Section 727(a)(2)(A) of the Bankruptcy Code provides a debtor should not receive a discharge if the debtor with intent to hinder, delay, or defraud a creditor or an officer of the estate has transferred, destroyed, mutilated or concealed property of the debtor, within one year before the date of filing the petition. To warrant denial of discharge under § 727(a)(2)(A), a plaintiff must show: "(1) that the act complained of was done within one year prior to the date the petition was filed, (2) with actual intent to hinder, delay, or defraud a creditor, (3) that the act was that of the debtor, and (4) that the act consisted on transferring, removing, destroying, or concealing any of the debtor's property."90

Debtor specifically stated she opened the Wells Fargo Account to keep the Cord sale proceeds separate and so that no one, i.e., Kolb, could take the proceeds *383from her. Debtor never disclosed the Wells Fargo Account on her bankruptcy schedules or statements. She used around $ 98,000 from the sales proceeds to pay the mortgage encumbering her exempt homestead. In February 2016, Kolb filed a fraudulent transfer action against the Debtor.91 One week later, in March 2016, Debtor wrote checks to herself for cash withdrawing the balance of the monies, approximately $ 12,000, from the Wells Fargo Account. She testified she used the case for "living expenses." But, nothing in the record supports the Debtor's explanation.

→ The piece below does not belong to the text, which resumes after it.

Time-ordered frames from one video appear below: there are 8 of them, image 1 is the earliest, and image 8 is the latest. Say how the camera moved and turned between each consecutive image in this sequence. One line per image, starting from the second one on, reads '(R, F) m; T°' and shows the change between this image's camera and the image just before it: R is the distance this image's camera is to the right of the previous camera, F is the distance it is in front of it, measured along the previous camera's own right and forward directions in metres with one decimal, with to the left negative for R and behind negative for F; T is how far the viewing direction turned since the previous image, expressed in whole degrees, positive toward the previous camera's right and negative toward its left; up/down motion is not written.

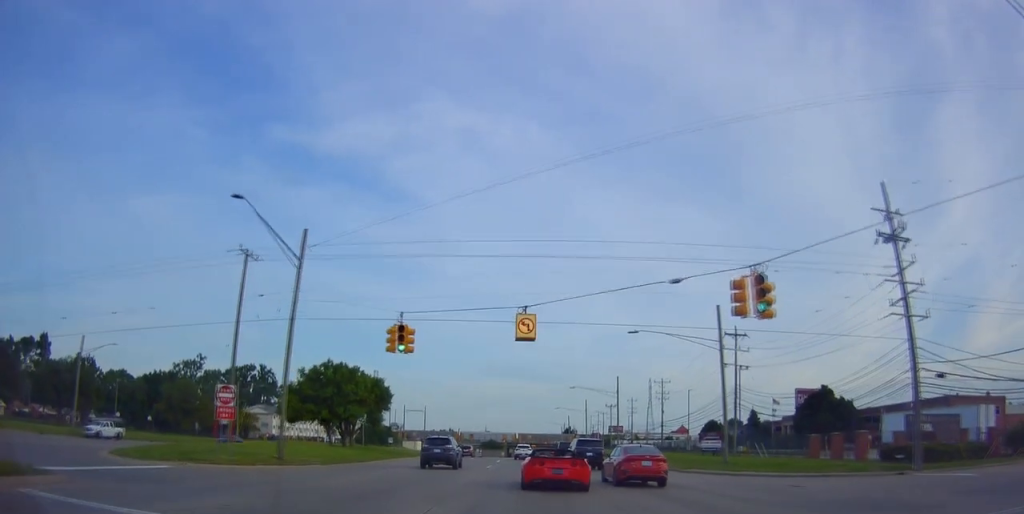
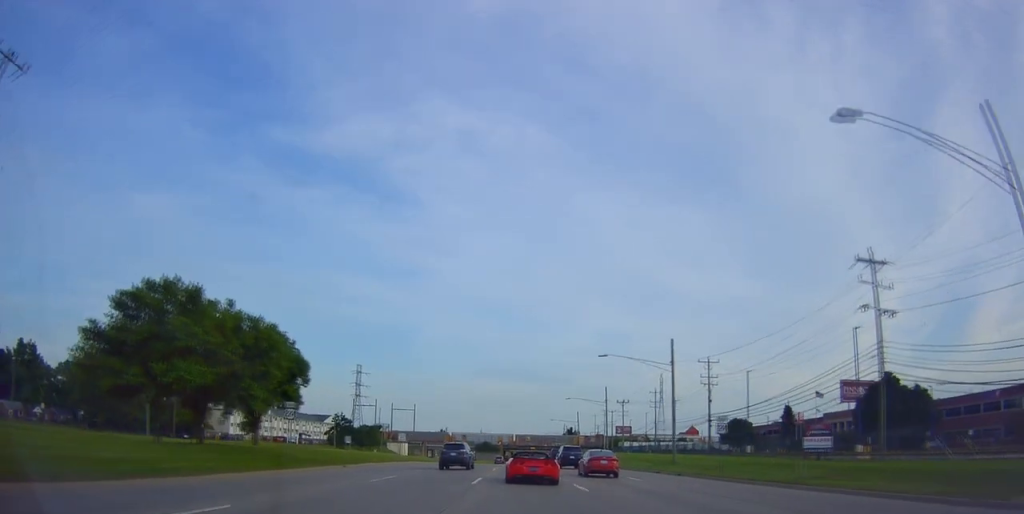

The Court finds the Debtor wrote checks totaling $ 12,000 to herself from the Wells Fargo Account in March 2016, within one year of filing bankruptcy on January 13, 2017, shortly after Kolb filed the fraudulent transfer action against her and with the actual intent to hinder, delay, or defraud a creditor (Kolb) and intending to transfer and conceal these monies from Kolb and later her Chapter 7 Trustee. The Court finds the Debtor had more cash than she disclosed on her schedules, and her discharge is denied on § 727(a)(2)(A).

Kolb's Claim 4 is Nondischargeable under § 523(a)(2)(A)

Kolb's Claim 4 also is nondischargeable under § 523(a)(2)(A) of the Bankruptcy Code. Kolb must prove nondischargeability under § 523(a) by a preponderance of the evidence.92 "Courts have generally interpreted § 523(a)(2)(A) to require the traditional elements of common law fraud."93 In the Complaint, Kolb alleged the Debtor acted under false pretenses, made materially false representations, and/or committed actual fraud when selling the Cord.94 In her closing argument, Kolb argued the Debtor's conduct supported an actual fraud allegation.95

Actual fraud precluding discharge " 'consists of any deceit, artifice, trick, or design involving [the] direct and active operation of the mind, used to circumvent and cheat another-something said, done or omitted with the design of perpetrating what is known to be a cheat or deception.' "96 The Court finds Kolb's claim is nondischargeable based on actual fraud due to the Debtor's designed scheme to sell the Cord when she knew it was subject to Kolb's claim and superior entitlement to possession of the Cord. Debtor's evasive answers to questions at her January 2015 deposition and to the Volusia County Sheriff's inquiry further supports this finding. The Court finds this scheme was intentionally designed to circumvent and cheat Kolb of her superior claim in the Cord and constitutes actual fraud and justifies finding her Claim 4 is not dischargeable.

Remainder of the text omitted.